To expand upon a previous project I made a few years ago in High School, OLeather/java-3d-renderer, I decided to use my broader set of software experience now as a University student to re-approach the project in C++. I also used it as an exercise to learn CUDA, which is widely used in the field of machine learning. My new approach was to implement a recursive ray tracer, which can achieve much more realistic lighting effects, as well as support for reflective and transparent materials using ray reflection and refraction.
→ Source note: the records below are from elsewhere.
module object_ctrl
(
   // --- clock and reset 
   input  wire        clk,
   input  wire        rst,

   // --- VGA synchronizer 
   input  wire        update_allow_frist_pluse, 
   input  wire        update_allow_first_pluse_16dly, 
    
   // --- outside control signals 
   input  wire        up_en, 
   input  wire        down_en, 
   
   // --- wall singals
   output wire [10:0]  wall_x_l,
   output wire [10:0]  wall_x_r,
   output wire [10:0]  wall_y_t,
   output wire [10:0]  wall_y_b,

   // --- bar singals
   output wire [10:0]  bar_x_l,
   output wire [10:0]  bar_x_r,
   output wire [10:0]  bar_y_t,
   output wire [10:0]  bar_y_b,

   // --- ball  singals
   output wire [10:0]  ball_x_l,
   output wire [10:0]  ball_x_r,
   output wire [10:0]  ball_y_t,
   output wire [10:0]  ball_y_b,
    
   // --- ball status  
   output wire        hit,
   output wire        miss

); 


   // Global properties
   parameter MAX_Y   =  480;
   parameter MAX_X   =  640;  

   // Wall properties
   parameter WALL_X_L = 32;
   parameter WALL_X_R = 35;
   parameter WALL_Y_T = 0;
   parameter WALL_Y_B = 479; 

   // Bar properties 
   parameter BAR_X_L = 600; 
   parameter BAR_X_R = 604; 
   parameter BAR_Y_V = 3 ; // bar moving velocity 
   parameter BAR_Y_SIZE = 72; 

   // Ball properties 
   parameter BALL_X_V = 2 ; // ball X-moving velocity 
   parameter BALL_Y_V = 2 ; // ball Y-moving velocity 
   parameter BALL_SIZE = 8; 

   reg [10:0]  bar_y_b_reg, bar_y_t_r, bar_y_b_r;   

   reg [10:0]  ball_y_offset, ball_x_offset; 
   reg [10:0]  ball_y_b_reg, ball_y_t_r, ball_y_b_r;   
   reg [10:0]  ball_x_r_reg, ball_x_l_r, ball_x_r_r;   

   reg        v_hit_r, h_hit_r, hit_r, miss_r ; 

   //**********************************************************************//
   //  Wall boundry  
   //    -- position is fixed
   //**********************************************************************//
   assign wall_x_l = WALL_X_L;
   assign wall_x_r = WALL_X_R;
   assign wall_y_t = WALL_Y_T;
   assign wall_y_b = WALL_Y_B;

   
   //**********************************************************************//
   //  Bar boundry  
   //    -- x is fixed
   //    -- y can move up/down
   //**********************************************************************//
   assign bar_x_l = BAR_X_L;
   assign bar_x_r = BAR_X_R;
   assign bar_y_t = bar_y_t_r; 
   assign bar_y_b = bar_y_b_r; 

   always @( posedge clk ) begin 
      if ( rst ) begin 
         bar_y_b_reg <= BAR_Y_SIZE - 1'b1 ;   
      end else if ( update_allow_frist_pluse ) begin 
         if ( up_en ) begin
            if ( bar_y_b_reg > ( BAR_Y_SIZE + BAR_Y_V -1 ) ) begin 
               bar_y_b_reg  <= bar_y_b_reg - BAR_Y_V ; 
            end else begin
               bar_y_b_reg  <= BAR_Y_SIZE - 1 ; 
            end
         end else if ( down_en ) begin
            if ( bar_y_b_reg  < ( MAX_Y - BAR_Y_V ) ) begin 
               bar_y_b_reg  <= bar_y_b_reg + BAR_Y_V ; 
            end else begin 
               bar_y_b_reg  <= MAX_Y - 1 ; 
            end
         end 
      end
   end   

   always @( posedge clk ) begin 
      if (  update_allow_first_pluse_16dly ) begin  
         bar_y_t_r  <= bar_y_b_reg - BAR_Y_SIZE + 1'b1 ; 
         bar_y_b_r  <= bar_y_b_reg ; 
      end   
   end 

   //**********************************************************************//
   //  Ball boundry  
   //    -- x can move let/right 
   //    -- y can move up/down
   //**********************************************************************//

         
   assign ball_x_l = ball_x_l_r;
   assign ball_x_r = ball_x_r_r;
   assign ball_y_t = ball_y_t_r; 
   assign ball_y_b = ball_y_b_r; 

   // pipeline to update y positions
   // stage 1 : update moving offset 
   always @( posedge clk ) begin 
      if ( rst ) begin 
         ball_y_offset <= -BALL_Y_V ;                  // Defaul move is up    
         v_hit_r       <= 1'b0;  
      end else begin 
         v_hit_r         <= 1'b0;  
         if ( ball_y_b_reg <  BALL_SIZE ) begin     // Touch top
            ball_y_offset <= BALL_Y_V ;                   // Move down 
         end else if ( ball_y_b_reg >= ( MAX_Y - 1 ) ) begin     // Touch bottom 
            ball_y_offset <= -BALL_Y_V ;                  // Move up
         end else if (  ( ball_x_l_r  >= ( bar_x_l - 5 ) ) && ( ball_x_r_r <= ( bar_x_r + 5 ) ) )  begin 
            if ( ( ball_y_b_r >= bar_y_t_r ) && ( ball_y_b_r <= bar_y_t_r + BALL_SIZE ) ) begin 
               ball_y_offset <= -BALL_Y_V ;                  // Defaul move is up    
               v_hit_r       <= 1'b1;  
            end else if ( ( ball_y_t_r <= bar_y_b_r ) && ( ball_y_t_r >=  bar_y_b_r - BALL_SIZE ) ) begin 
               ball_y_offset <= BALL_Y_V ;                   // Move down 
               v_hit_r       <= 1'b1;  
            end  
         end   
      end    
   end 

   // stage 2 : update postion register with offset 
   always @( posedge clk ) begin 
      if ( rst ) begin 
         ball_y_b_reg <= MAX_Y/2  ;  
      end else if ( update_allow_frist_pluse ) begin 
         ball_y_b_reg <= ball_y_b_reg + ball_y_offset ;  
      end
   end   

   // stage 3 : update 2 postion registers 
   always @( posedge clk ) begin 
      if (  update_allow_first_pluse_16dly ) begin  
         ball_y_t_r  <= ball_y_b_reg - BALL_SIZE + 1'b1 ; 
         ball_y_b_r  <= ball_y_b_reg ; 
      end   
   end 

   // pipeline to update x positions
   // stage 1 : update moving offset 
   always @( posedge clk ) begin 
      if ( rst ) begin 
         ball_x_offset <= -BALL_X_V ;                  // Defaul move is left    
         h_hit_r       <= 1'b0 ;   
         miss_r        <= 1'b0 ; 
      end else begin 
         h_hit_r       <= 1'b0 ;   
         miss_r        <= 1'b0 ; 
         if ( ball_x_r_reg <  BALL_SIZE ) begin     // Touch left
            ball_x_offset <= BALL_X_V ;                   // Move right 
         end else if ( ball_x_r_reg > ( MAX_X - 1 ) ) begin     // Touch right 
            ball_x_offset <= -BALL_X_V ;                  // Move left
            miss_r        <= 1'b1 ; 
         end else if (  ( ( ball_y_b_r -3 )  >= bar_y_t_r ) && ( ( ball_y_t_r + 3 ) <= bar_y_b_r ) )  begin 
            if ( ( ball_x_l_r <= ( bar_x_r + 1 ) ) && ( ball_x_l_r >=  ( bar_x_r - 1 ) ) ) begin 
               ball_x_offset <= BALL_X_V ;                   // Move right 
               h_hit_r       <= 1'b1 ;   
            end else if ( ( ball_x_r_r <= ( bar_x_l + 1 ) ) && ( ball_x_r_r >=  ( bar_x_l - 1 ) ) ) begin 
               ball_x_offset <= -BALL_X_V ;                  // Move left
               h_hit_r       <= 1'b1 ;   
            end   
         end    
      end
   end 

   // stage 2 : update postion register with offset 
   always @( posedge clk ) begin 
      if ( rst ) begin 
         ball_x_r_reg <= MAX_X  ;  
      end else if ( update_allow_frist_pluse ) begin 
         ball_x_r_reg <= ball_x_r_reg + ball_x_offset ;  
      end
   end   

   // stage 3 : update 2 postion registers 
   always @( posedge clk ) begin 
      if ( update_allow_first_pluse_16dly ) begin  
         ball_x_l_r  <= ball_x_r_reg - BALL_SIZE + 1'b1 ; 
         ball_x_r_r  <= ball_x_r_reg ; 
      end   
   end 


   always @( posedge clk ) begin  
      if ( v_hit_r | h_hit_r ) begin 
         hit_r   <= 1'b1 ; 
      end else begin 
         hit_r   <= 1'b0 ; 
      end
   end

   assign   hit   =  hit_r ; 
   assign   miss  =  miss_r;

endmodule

Capable of diffuse, specular, reflective, and refractive light calculations for a variety of effective materials and surfaces. Computes each pixel in parallel using CUDA graphics acceleration.
The diffuse and specular light are calculated using the Phong illumination model. For reflection, the ray from the pixel to the object is reflected across the object's normal, and the ray tracing algorithm is run recursively on the new reflected ray. For refraction, the refractive ray is calculated based on the hit normal and the index of refraction of the object the ray hits, and the ray tracing algorithm is again run recursively on the new refracted ray. The ray is traced recursively up to 4 times. The reflected and refracted ray intensity is calculated using the fresnel effect for more realistic lighting.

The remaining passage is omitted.